If you hope something will broaden your horizons – try Jo Malone Black Vetyver Cafe. It has incense but it’s warmed up by the sensual coffee note and the earthy vetiver is actually very smooth here. If you generally are not the “super-cold-incensy” type of a person, try out with something that is not iron-cold, and has at least a touch of warmness in it, you know what I mean? That’s why Black Vetyver Cafe sounds good for an incense/spice/dark fragrance that you can start with. Trying the ashiest, driest and coldest one out there might just scared you away! Try something a bit smoother and when you see you are able to get along with some incense, jump to the next level.
Maybe Jeremy should try Bigarade Concentrèe.
It looks like this is Frederic Malle? If so – I’ve added it to my list to try. Sounds like it could potentially be a bit bitter for me, but you never know.
BTW, Jeremy, I haven’t actually tried it, but Luca Turin describes Eau de Cartier in a way that makes it sound very appealing and worth trying.

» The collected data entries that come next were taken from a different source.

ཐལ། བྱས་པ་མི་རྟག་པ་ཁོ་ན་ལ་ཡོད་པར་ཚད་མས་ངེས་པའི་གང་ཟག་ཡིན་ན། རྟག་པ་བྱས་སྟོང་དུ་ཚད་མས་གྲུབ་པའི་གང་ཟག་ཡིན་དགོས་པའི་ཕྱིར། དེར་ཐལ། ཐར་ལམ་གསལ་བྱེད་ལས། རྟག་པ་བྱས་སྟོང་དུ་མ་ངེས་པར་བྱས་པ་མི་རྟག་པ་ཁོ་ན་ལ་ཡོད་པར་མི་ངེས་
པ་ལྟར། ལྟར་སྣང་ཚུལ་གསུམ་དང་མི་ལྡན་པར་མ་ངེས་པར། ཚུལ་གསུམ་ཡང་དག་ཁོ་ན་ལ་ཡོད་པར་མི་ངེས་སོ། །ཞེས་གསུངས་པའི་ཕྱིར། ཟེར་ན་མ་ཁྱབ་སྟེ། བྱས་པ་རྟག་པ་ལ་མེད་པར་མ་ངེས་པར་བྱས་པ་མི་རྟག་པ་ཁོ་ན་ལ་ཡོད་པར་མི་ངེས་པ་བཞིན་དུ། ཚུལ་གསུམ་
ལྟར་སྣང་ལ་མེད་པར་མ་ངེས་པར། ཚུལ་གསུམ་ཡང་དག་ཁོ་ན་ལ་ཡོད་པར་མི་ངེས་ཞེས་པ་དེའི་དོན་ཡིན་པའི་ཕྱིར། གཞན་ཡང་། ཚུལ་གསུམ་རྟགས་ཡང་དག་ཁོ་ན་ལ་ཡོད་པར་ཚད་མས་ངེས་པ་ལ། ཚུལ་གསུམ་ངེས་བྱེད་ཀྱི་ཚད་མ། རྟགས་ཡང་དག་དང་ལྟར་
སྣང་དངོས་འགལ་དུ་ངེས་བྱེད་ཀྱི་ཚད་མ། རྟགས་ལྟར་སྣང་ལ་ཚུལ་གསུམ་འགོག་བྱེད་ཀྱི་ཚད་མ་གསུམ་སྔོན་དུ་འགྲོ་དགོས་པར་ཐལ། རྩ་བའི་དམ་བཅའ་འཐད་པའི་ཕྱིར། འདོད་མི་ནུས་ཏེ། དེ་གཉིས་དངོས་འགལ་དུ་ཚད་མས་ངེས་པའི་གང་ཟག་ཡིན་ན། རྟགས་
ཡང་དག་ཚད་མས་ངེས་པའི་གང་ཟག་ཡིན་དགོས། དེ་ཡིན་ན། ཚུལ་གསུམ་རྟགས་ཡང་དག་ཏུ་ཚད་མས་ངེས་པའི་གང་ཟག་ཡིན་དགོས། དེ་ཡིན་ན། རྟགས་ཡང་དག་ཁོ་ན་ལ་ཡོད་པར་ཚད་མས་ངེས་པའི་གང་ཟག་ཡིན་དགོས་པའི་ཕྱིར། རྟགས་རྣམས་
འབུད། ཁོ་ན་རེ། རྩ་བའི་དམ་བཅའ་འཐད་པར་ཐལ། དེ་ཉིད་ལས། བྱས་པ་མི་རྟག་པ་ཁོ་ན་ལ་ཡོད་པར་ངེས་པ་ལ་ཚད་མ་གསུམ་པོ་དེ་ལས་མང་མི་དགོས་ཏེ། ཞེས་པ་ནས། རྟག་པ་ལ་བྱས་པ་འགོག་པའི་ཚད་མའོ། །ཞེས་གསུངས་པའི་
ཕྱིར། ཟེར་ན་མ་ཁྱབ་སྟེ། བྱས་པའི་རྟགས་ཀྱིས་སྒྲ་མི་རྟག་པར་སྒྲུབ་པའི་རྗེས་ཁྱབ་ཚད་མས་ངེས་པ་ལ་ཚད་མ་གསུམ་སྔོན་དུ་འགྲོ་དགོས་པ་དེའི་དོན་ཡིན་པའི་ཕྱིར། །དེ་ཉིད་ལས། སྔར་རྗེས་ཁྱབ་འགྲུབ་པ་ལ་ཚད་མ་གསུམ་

I can’t thank everyone who has commented enough for their thoughtful suggestions and wonderful insight. Do you know I now have a list of FORTY-FIVE fantastic fragrances to sample? I’m completely over the moon. Right now I have about 10 bottles to my name. All I can say is that this is going to be a beautifully fragrant spring and summer and I have the amazing NST community to thank you that! 🙂
Thanks again & I will send an update out after I’ve made progress on the list to let you know how it went.
Ooohhh wait. One more! Hermes Eau de Pamplemousse Rose. Robin gave it a very nice review if you want to look it up. It’s very bright, citrusy, and green (rhubarb! You don’t see that everywhere.) Don’t be discouraged by the rose. It’s just enough to give it a little extra edge and isn’t too floral. The sparkle doesn’t last as long as Jo Malone grapefruit, but it’s definitely a more full fragrance.
Good luck shopping.
Hey Lucy! This one I do have, and it’s one of my favorites. I stuck to Hermes pretty exclusively when I first started my frag journey 🙂 I don’t actually get much rose, like you say, and it does have that little extra edge. But it disappears on me pretty quickly 🙁 I suppose that’s the nature of the beast though on these things?
Ha, good to know my suggestions are on the right track. The opening doesn’t last as long as I’d like either…if only citrus could be a basenote.
Not only does JM Grapefruit have a longer opening and staying power, but can be reapplied more often without offending those around you. Even if you don’t like any other JMs or the layering system, you may want to use it as a booster for the Hermes or any others that are short-lived.
I second the Malle Bigarade Concentrèe and Hermes Kelly Caleche (citrus and leather- perfect for you). I find that they both have good lasting power. I also suggest Tom Ford Neroli Portofino, which has great sillage and lasts FOREVER. There’s also Bulgari Green Tea Extreme.
Jeremy, Just a thought…have you tried Eau d’Italie Paestum Rose? It supposedly has patchouli, but I don’t smell it at all. On me (anyway) it is all about fresh rose and cedar- one of my go-to fragrances that always cheers me up.
Hi Jeremy,
many of my top favorites were mentioned:
Sparkle:
Bois de Violette
Cristalle
Outrageous
Fruit:
Osmanthe Yunnan
Lavender:
Pour un Homme also Brin de Reglisse or Kiki
Leather:
Cuir Pleine Fleur
Late thought: Funny! by Moschino. Citrus and red berries. Very carefree and cheerful.